Notion is more flexible but requires setup effort. Tasks typically live in databases with chosen views like board layouts, and recurring tasks appear when the recurrence triggers rather than being as visible across the future calendar. Habit tracking in Notion relies more on templates or custom builds. Notion also keeps most view types available without premium, while TickTick locks some views behind it.
Why does TickTick feel faster for task management than Notion at the start?
How do recurring tasks differ in how they appear for future planning?
What does “save as template” change for recurring workflows in TickTick?
How does habit tracking compare between the two apps?
What execution features make TickTick better for day-to-day task breakdown?
Where do premium limitations matter most in the comparison?
Review Questions
- If you rely on seeing upcoming work at a glance, which recurring-task behavior would you prefer: tasks that populate across the calendar or tasks that only appear on the recurrence day?

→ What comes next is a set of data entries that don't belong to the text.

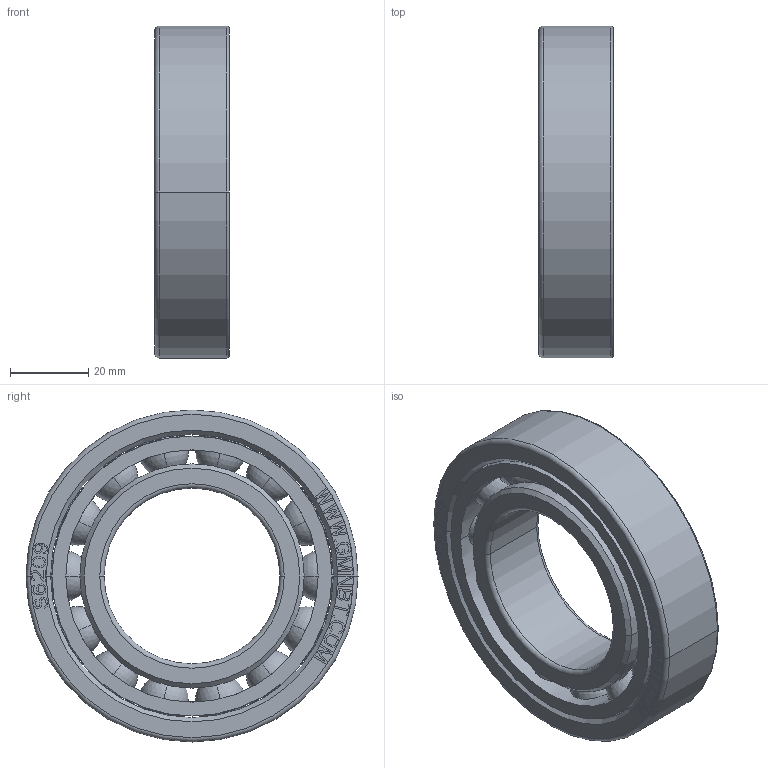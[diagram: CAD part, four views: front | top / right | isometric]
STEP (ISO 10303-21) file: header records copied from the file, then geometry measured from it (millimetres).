
FILE_DESCRIPTION((''),'2;1');
FILE_NAME('S6209_PRT','2014-03-19T',('sales 4'),(''),'PRO/ENGINEER BY PARAMETRIC TECHNOLOGY CORPORATION, 2013150','PRO/ENGINEER BY PARAMETRIC TECHNOLOGY CORPORATION, 2013150','');
FILE_SCHEMA(('AUTOMOTIVE_DESIGN { 1 0 10303 214 1 1 1 1 }'));
Length unit declared in the file: millimetre
Products named in the file (1): S6209_PRT
Bounding box: 19.01 x 85 x 85 mm (x, y, z)
Volume: 59840.6 mm3; surface area: 34194.8 mm2
Topology: 3 solids, 3 shells, 682 faces, 1908 edges, 1224 vertices
Faces by surface type: plane 534, cylinder 70, sphere 56, torus 12, cone 10
Entity records: 35802 total; most frequent: CARTESIAN_POINT 12728, ORIENTED_EDGE 3704, DIRECTION 3276, PRESENTATION_STYLE_ASSIGNMENT 1883, STYLED_ITEM 1855, CURVE_STYLE 1852, EDGE_CURVE 1852, VECTOR 1568

Why?
- What setup effort does Notion require to turn a blank page into a task management system, and how does that compare to TickTick’s inbox-and-lists approach?
- How would you decide between TickTick’s built-in habit tracker and Notion’s template-based habit tracking?
Key Points
- 1
TickTick is positioned as more immediate for productivity because it starts with an inbox, task views, and separate list types for tasks, notes, and habits.
- 2
TickTick’s recurring tasks populate future calendar entries, making upcoming tasks easier to scan than Notion’s recurrence behavior.
- 3
TickTick’s “save as template” supports reusable recurring-task patterns, such as carrying a task description into every future instance.
- 4
TickTick offers built-in habit tracking, while Notion’s habit tracking typically depends on templates or more complex custom setups.
- 5
TickTick’s sticky-note mode and nested subtasks (with roll-up completion) are described as more intuitive than Notion’s sub-item configuration.
- 6
Notion keeps most view types available without premium, while TickTick locks some views like calendar view behind premium.
- 7
The choice comes down to execution speed (TickTick) versus deeper customization and multi-view flexibility (Notion).